February 15, 2017

Review: The Dream-Quest of Vellitt Boe

The Dream-Quest of Vellitt Boe The Dream-Quest of Vellitt Boe by Kij Johnson
My rating: 4 of 5 stars

This is yet another re-imagining of H.P. Lovecraft's oeuvre, in this case "The Dream Quest of Unknown Kadath." Not having read the original, I'm sure I didn't pick up on many of Kij Johnson's references, but this lack did not impede my thoroughly enjoying this story. Starting with the main character: 55-year-old Vellitt Boe, a professor at a women's college in the "dreamlands," a world where capricious gods slumber and destroy, nature is in a perpetual state of upheaval, and physics as we know it does not exist.

Can you imagine that? A middle-aged woman, not relegated to invisibility, in charge of her own story? Sign me up.
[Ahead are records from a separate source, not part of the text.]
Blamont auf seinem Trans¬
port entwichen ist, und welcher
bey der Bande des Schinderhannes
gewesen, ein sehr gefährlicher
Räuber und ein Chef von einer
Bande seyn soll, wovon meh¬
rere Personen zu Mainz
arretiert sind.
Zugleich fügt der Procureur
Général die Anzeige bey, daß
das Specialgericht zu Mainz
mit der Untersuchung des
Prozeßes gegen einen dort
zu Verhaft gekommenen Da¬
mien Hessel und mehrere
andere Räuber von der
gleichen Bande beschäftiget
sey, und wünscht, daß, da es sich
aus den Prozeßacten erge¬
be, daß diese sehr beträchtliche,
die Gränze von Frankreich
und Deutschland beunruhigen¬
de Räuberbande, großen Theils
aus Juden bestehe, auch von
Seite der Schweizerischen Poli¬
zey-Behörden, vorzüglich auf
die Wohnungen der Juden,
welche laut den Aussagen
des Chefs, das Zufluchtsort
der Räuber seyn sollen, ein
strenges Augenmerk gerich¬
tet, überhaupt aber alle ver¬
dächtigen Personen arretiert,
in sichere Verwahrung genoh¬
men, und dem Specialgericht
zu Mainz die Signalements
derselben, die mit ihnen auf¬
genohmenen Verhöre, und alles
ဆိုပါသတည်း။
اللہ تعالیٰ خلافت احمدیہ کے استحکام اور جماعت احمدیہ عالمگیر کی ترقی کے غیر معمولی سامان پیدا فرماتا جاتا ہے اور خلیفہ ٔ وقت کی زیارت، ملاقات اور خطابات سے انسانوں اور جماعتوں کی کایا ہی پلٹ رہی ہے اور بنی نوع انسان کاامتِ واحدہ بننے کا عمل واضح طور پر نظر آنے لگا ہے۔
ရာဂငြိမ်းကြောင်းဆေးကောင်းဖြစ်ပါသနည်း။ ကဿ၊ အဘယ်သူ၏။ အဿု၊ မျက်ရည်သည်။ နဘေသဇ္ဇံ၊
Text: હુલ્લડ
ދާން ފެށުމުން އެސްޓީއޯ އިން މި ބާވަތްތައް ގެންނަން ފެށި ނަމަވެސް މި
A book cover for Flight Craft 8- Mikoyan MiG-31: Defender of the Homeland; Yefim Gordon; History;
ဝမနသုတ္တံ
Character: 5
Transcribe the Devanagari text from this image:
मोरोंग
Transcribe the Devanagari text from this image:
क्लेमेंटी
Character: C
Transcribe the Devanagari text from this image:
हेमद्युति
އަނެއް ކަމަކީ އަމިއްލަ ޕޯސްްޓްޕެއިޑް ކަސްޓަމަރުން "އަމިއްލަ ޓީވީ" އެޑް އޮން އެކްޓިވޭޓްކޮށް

It soon becomes apparent that although Vellitt's quest is important (she's pursuing a young student who ran off with a man from the "waking world," in fear that said student's father will shut down the Ulthar Women's College, one of the few opportunities available for women of the dreamlands), the journey itself is the point. Vellitt walks endless miles through nasty underground caverns, meets with and fights all sorts of dangerous creatures, and eventually ascends to the "waking" (e.g., our) world. (For much of this journey she is accompanied by a small black cat--which does not die. TAKE NOTE, JOE HILL!!!) Along the way, we are given considerable insight into the far-traveling young woman she once was, and how she is determined to be, as she puts it, more than a "footnote to a man's story." The only complaint I have about this story, and it's a minor quibble, is the abruptness of the ending. This storyline is wrapped up, but I would very much like to know what Vellitt does next.